La logique est la même que pour l’information-consultation du CE. Il s’agit de concentrer la négociation collective obligatoire en entreprise – dont la périodicité est en principe annuelle – autour trois grandes thématiques  (cf art. 19 de la loi).

a) La rémunération, le temps de travail et le partage de la valeur ajoutée

négoDevront être abordés dans ces pourparlers : les salaires effectifs, la durée effective et l’organisation du temps de travail, le travail à temps partiel, la réduction du temps de travail, l’intéressement, la participation et l’épargne salariale (art. L.2242-5 du Code du travail).

Cette négociation peut être organisée au niveau des établissements ou de groupes d’établissements. Elle doit (selon un amendement adopté en commission) permettre de suivre  « la mise en œuvre des mesures visant à supprimer les écarts de rémunération et les différences de déroulement de carrière entre les femmes et les hommes ».

b) L’égalité professionnelle entre les femmes et les hommes et la qualité de vie au travail

egaliteVaste programme qui englobe, entre autres, l’articulation entre vie personnelle et vie professionnelle, les objectifs et mesures permettant d’atteindre l’égalité professionnelle entre les hommes et les femmes (en s’appuyant, pour ce faire, sur les informations spécifiques contenues dans la base de données unique), la lutte contre les discriminations, l’insertion professionnelle et le maintien dans l’emploi des travailleurs handicapés, le régime de prévoyance et de remboursements complémentaires, le droit d’expression directe et collective des salariés ainsi que – mais à titre facultatif — la prévention de la pénibilité (art.

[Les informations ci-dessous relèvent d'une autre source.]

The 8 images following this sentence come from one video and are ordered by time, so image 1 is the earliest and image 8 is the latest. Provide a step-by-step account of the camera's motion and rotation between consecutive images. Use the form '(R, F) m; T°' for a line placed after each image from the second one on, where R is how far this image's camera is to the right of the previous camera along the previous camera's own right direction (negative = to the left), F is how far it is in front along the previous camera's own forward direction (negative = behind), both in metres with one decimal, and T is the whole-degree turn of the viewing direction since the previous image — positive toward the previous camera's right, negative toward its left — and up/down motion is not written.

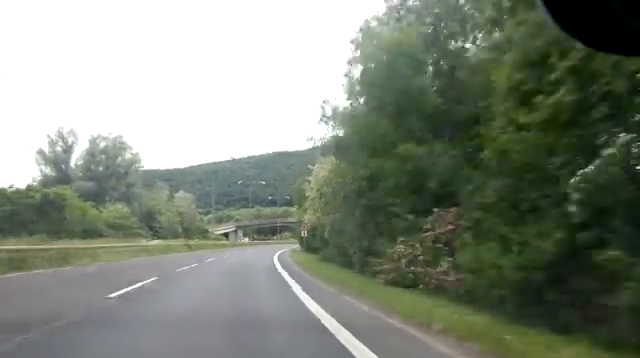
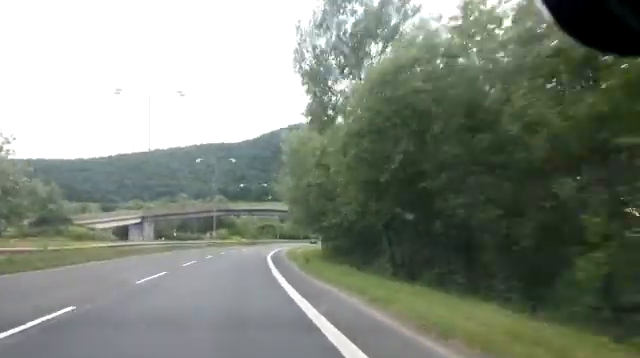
(+4.5, +59.1) m; +7°
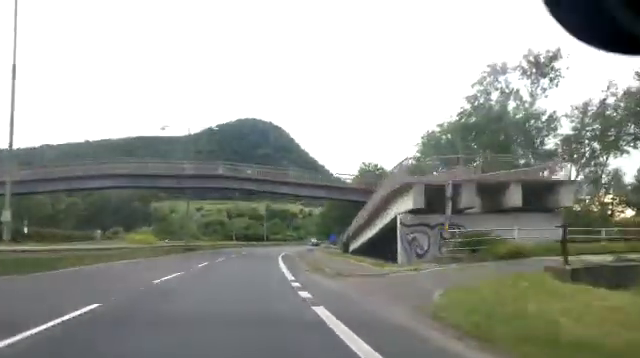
(+0.5, +53.1) m; +3°
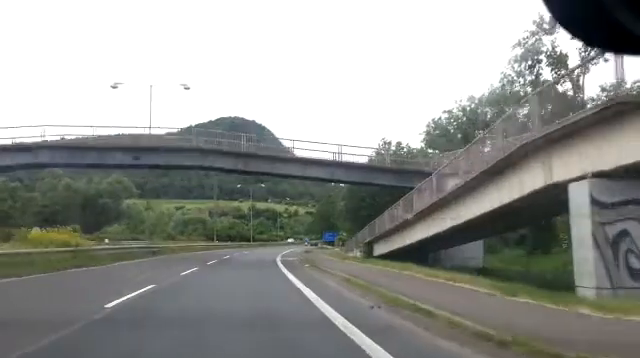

L.2242-8 et suivants du Code du travail).

Il enfin rappelé qu’en l’absence d’accord sur l’égalité professionnelle, l’employeur est tenu d’établir un plan d’action  comportant des actions quantitatives et qualitatives dont le coût devra par ailleurs être évalué (article 19 alinéa 39 issus d’amendement adoptés en commission et en séance plénière); déposé auprès de l’autorité administrative, ce plan sera porté à la connaissance des salariés par voie d’affichage « et, éventuellement, par tout autre moyen adapté aux conditions d’exercice de l’activité de l’entreprise ».

Dans ce cas, la négociation devra également porter sur « la programmation de mesures permettant de supprimer les écarts de rémunération et les différences de déroulement de carrière entre les femmes et les hommes » (article 19 alinéa 40; L. 2242-8 du Code du travail).

c) Dans les entreprises d’au moins 300 salariés : négociation sur la gestion des emplois et des parcours professionnels et la mixité des métiers

Les entreprises employant au moins 300 salariés devront organiser une négociation sur la gestion des emplois et des parcours professionnels. Cette négociation intègre la prévention des conséquences des mutations économiques ; elle est triennale. Le déroulement de carrière des salariés ayant un mandat syndical et les contrats de génération peuvent être intégrés aux discussions (art. L. 2242-13 à 19 du Code du travail).

  • Dérogation par accord d’entreprise

Cependant, la loi prévoit qu’un accord d’entreprise peut modifier la périodicité de ces négociations et porter, pour tout ou partie, la limite à 3 ans pour les négociations annuelles et à 5 ans pour la négociation triennale. Il est également possible de prévoir un regroupement différent des thèmes (mais sans pouvoir en supprimer).